And now, as promised, the English version ... in Barbara Wright's translation ...
On the terrace of the Café des Deux Palais, Gabriel, knocking back his fifth grenadine, was holding forth to an assembly whose attention seemed all the greater in that its francophony was more diffuse.
' Why,' he was saying, ' why should one not tolerate this life, since so little suffices to deprive one of it ? So little brings it into being, so little brightens it,so little blights it, so little bears it away.
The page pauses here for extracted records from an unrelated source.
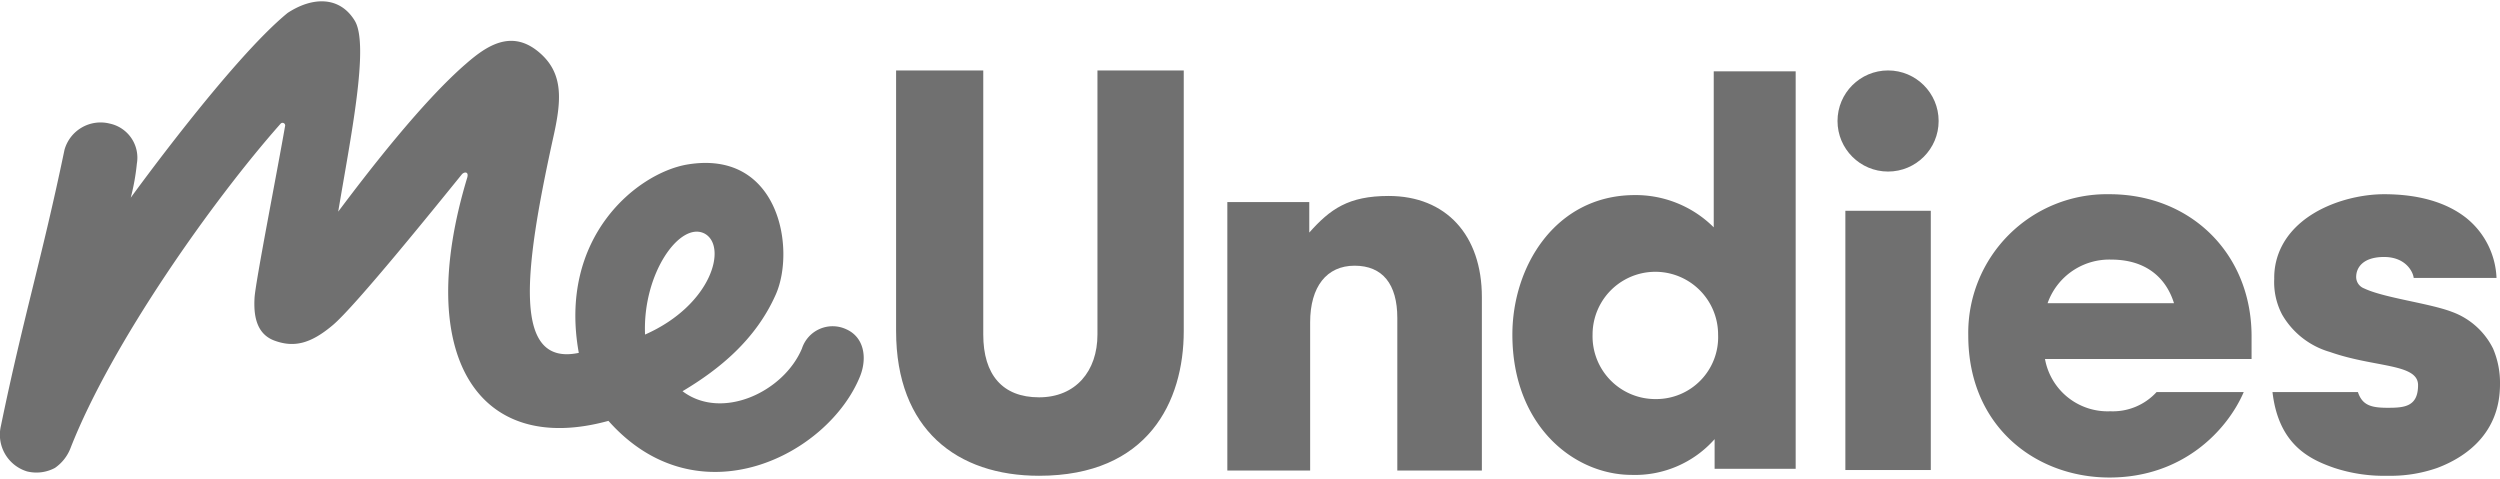 <svg xmlns="http://www.w3.org/2000/svg" width="287" height="55" viewBox="0 0 286.8 54.6">
  <path d="M196.6 25.9a12.7 12.7 0 00-9.2-3.7c-9 .1-13.9 8.2-13.9 16 0 10.5 7.1 16.1 13.7 16.1a12.2 12.2 0 009.5-4.1v3.4h9.3V8h-9.4zM190 45.6a7.2 7.2 0 01-7.3-7.4 7.2 7.2 0 1114.4 0 7.1 7.1 0 01-7.1 7.4z" fill="#707070"/>
  <path d="M97.1 37.6a3.7 3.7 0 00-5.1 2.2c-2.1 5-9.2 8.3-13.7 4.9 4.2-2.5 8.4-5.9 10.7-11.1s.4-16.7-10.2-14.9c-5.7 1-14.8 8.3-12.4 21.6-7.6 1.6-6.3-9.3-3-24.4 1-4.4 1.4-7.7-1.7-10.2s-5.9-.6-8.2 1.4c-5.1 4.4-11.4 12.6-14.7 17 1.4-8.4 3.6-19.1 1.9-21.9S35.9-.6 33 1.3c-6.5 5.3-18 21.2-18 21.2a25.3 25.3 0 00.7-3.9 4 4 0 00-3.1-4.6 4.3 4.3 0 00-5.2 3C4.8 29.5 2.7 36.1.1 48.7a4.4 4.4 0 003 5.2 4.5 4.5 0 003.2-.4 4.9 4.9 0 001.8-2.3c4.7-12 16.3-28.4 24.1-37.2a.3.3 0 01.5.3c-.9 5.2-3.4 17.9-3.5 19.7s.1 4.1 2.3 4.9 4.1.4 6.7-1.8S50 23.5 53 19.8c.3-.3.8-.3.6.4-6.2 20.5 1.3 32 16.2 27.9 10.3 11.6 25.3 3.9 28.9-5.2.8-2.1.4-4.4-1.6-5.3zm-16.3-11c2.7 1.4.9 8.2-6.8 11.6-.3-7 4-13 6.8-11.6z" fill="#707070"/>
  <path d="M211.7 24h9.8v29.74h-9.8z" fill="#707070"/>
  <path d="M159.3 22.3c-4.6 0-6.7 1.5-9.1 4.2V23h-9.4v30.8h9.5v-17c0-4.1 1.9-6.5 5.1-6.5s4.9 2.1 4.9 6v17.5h9.7V33.9c0-7.1-4.1-11.6-10.7-11.6z" fill="#707070"/>
  <path d="M125.9 38.2c0 4.2-2.5 7.2-6.7 7.2s-6.4-2.6-6.4-7.2V7.9h-10v29.9c0 11.3 7 16.6 16.4 16.6 12.5 0 16.6-8.5 16.6-16.6V7.9h-9.9z" fill="#707070"/>
  <circle cx="216.6" cy="13.7" r="5.8" fill="#707070"/>
  <path d="M242 22.1a15.9 15.9 0 00-16.2 16.2c0 10.5 7.8 16.3 16.2 16.3s13.5-5.4 15.4-9.8h-10a6.8 6.8 0 01-5.3 2.2 7.3 7.3 0 01-7.5-6h23.7v-2.6c0-9.5-7-16.3-16.3-16.3zm-7.1 12.5a7.5 7.5 0 017.3-5c4 0 6.3 2.1 7.2 5z" fill="#707070"/>
  <path d="M271.2 32.9a1.4 1.4 0 01-.9-1.3c0-1.1.8-2.3 3.2-2.3s3.3 1.6 3.4 2.4h9.5a9.3 9.3 0 00-3.5-6.9c-2.3-1.8-5.5-2.7-9.4-2.7s-9.5 1.7-11.7 5.9a7.9 7.9 0 00-.9 3.8 8 8 0 00.9 4.1 9.3 9.3 0 005.5 4.3c5.1 1.8 10.1 1.3 10.1 3.8s-1.6 2.6-3.5 2.6-2.9-.3-3.4-1.8h-9.8c.7 6 4.2 7.7 7.1 8.7a18.2 18.2 0 006.1.9 16.2 16.2 0 005.7-.9c3.2-1.2 7.2-3.9 7.2-9.6a10 10 0 00-.8-4.1 8.5 8.5 0 00-4.7-4.2c-2.6-1-7.8-1.6-10.1-2.7z" fill="#707070"/>
</svg>

Otherwise, who would tolerate the blows of fate and the humiliation of a successful career, the swindling of grocers, the prices of butchers, the water of milkmen, the irritation of parents, the fury of teachers, the bawling of sergeant-majors, the turpitude of the beats, the lamentations of the dead-beats, the silence of infinite space, the smell of cauliflower or the passivity of the wooden horses on a merry-go-round, were it not for his knowledge that the bad and proliferative behaviour of certain minute cells ( gesture) or the trajectory of a bullet traced by an involuntary, irresponsible anonymous individual might unexpectedly come and cause all these cares to evaporate into the blue of the heavens. I, who now address you, have many times orientated my thoughts towards these problems while, dressed in a tutu, I expose to cretins like you my naturally fairly hirsute it must be admitted but professionally epilated thighs, I should add that if you so desire you can be present at this spectacle this very evening'
'Hurrah' ! cried the travellers confidently.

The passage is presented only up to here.